Okay, I know I just posted for the first time in a couple of weeks, but I could use some encouragement. I just got off the phone after 2 hours of conversation with my friend, the one who's in her second marriage but is hopelessly in love with another man, and is devastated because OM no longer wants her. Yeah, we are having SO much fun trying to find common ground for discussion these days.
Anyway, most of the conversation revolved around her and OM, but she mentioned in passing something about conversations she had had recently with my H (she doesn't tell either of us much about what the other is saying--that's how she manages to stay friends with us both). She told me that my H says things to her like, "Well, up until a month ago, I would have been willing to do such and such, but now I'm not so sure" (referring to something or other about our M). See, this is why it is easier for me not to have any contact with him. I haven't heard anything out of his mouth to truly give me any hope or encouragement since the very beginning of all of this.
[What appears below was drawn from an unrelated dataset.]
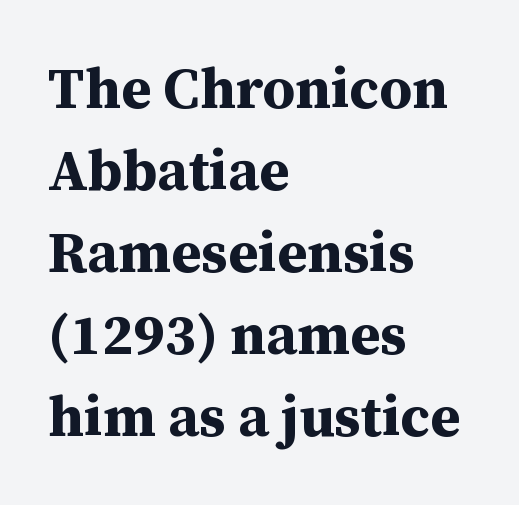
Honestly, the row spacing looks completely unremarkable. Typographic density is high because the face is bold. The font's upright variant was chosen for this text. Regarding serifs, this sample has them.
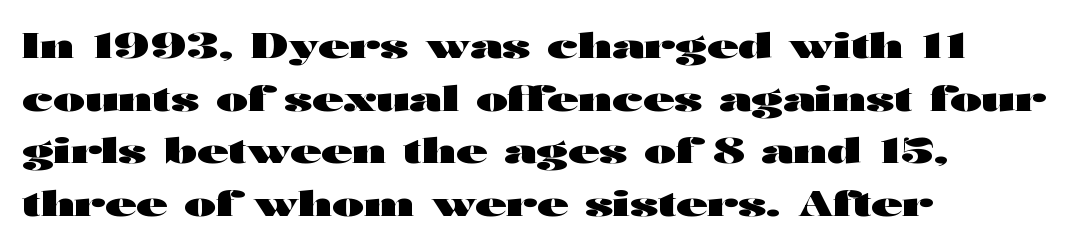
The rows are spaced the way most documents space them. This sample is left-justified, so line endings fall wherever the words run out. Rule under the text: the space is simply empty. The passage shown is typed in a proportional face where columns would drift. Here the glyphs are tracked normally, forming tight word shapes. Emphasis by weight is at full strength: bold.

If he says something positive, it's weighed down by so many negatives that it drowns.
It didn't help that my friend (who is very religious, to a point that I think of as hypocrisy because of her M/EA background) sort of insisted on starting a dispute with me about whether Jesus is okay with D when one's spouse has committed adultery (she, of course, believes he approves of D for that reason because that was what happened to her first M...I strongly disagree with that interpretation but try not to make anyone feel judged). I really don't like arguments, especially on religion, but I've never been a great debater, no matter how firmly I believe something. I'm just not good at coming up with clear, persuasive arguments.
Okay, I will cut this short, as I need to get ready for my piano recital, but I would really appreciate being reminded of what I already know. Could I order some encouragement in the face of what I have heard that my H said about his attitude about our M?